[[ Study material open ]]

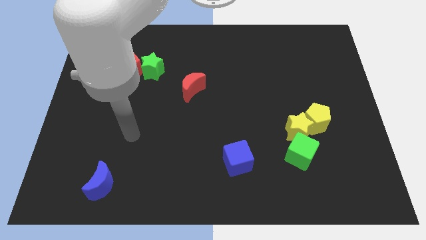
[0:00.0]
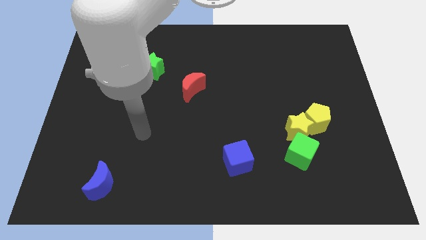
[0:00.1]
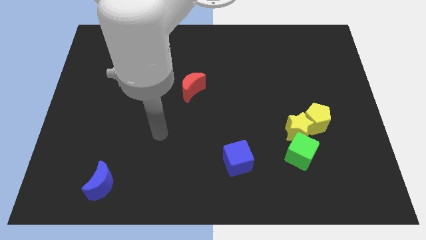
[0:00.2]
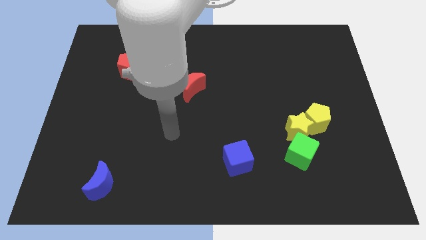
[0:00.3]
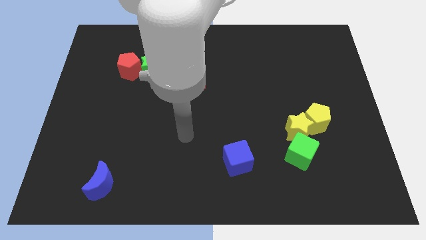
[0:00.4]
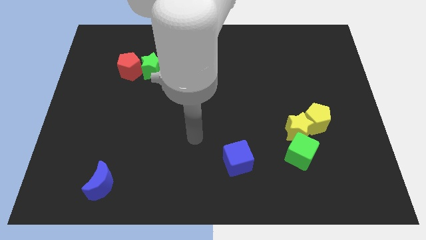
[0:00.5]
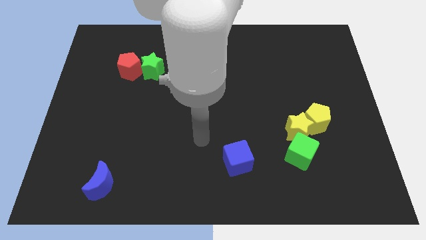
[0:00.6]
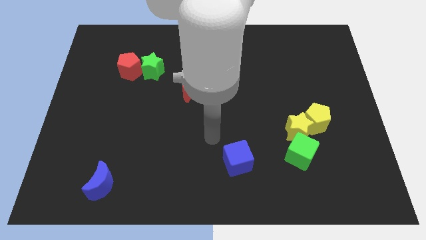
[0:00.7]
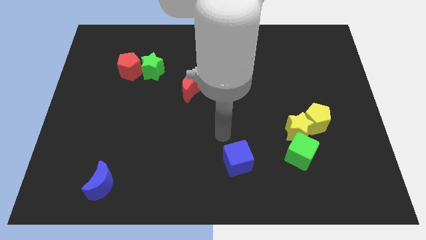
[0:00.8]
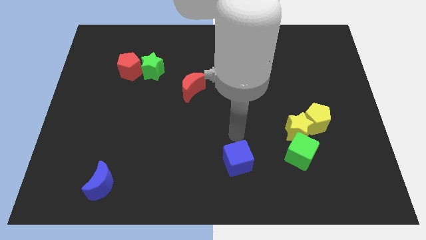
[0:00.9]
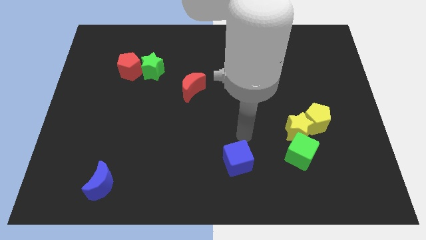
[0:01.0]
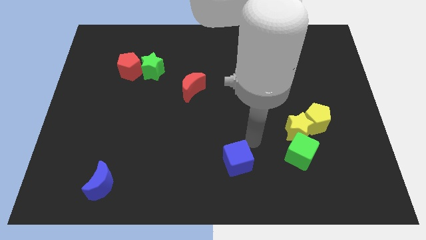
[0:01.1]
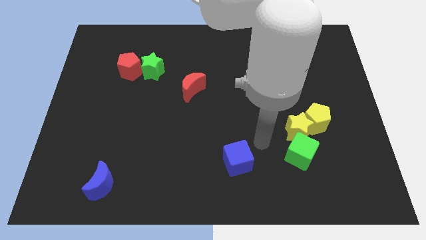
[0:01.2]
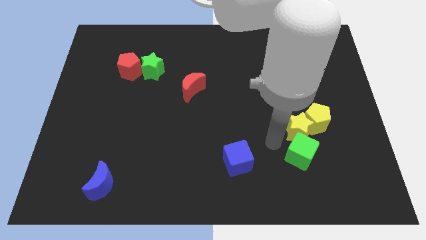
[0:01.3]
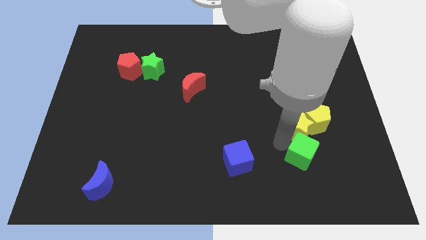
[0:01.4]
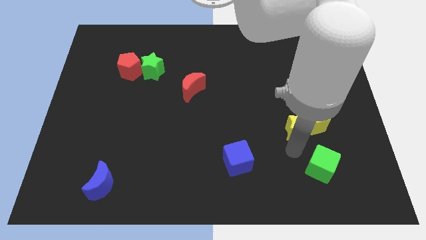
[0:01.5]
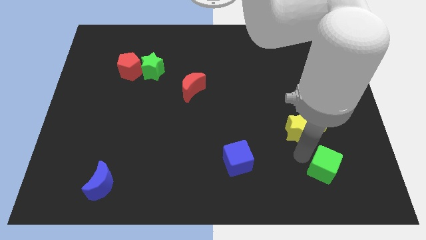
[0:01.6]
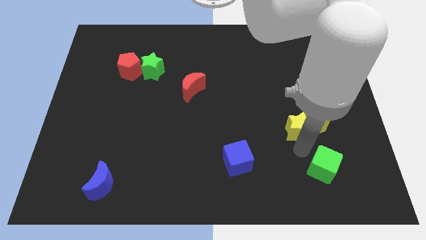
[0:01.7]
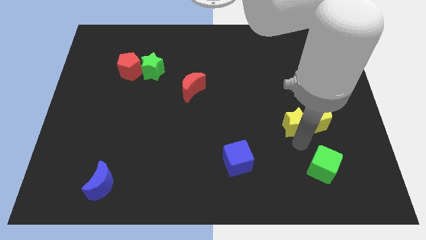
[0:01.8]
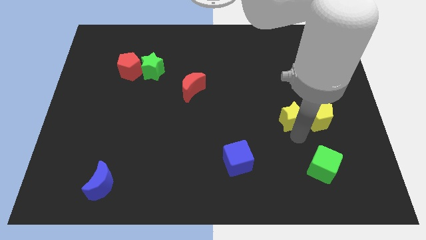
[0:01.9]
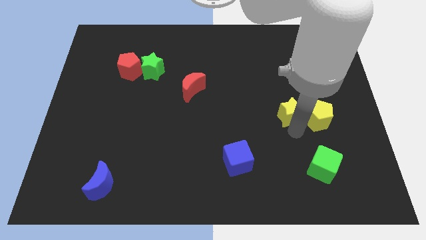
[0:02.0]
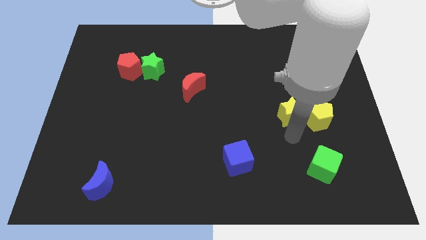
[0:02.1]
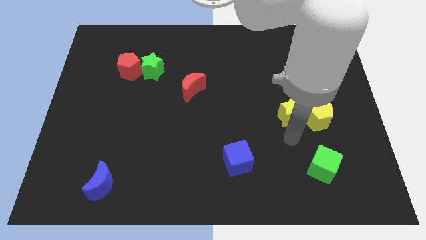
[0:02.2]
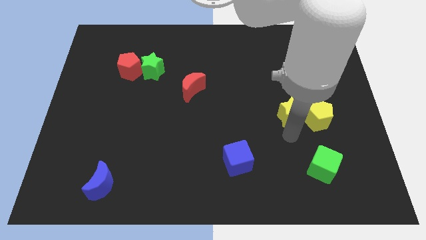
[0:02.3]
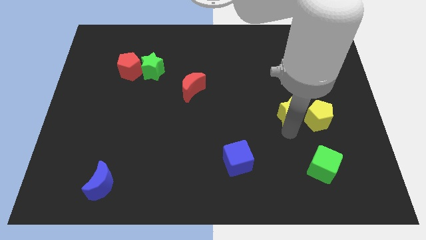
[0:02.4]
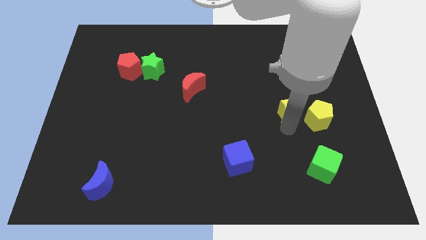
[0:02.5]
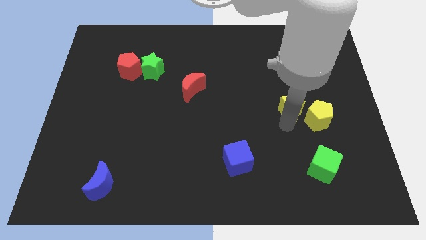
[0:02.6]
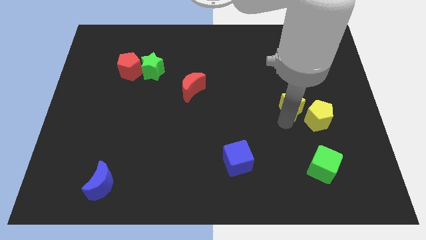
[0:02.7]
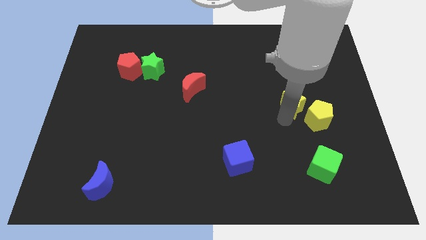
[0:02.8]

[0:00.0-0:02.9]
move the yellow star up a little bit

[[ Study material closed ]]

:: Work to be completed ::
Reproduce every entry above exactly, and omit the pictures.

:: Response to this task ::
[0:00.0]
[0:00.1]
[0:00.2]
[0:00.3]
[0:00.4]
[0:00.5]
[0:00.6]
[0:00.7]
[0:00.8]
[0:00.9]
[0:01.0]
[0:01.1]
[0:01.2]
[0:01.3]
[0:01.4]
[0:01.5]
[0:01.6]
[0:01.7]
[0:01.8]
[0:01.9]
[0:02.0]
[0:02.1]
[0:02.2]
[0:02.3]
[0:02.4]
[0:02.5]
[0:02.6]
[0:02.7]
[0:02.8]

[0:00.0-0:02.9]
move the yellow star up a little bit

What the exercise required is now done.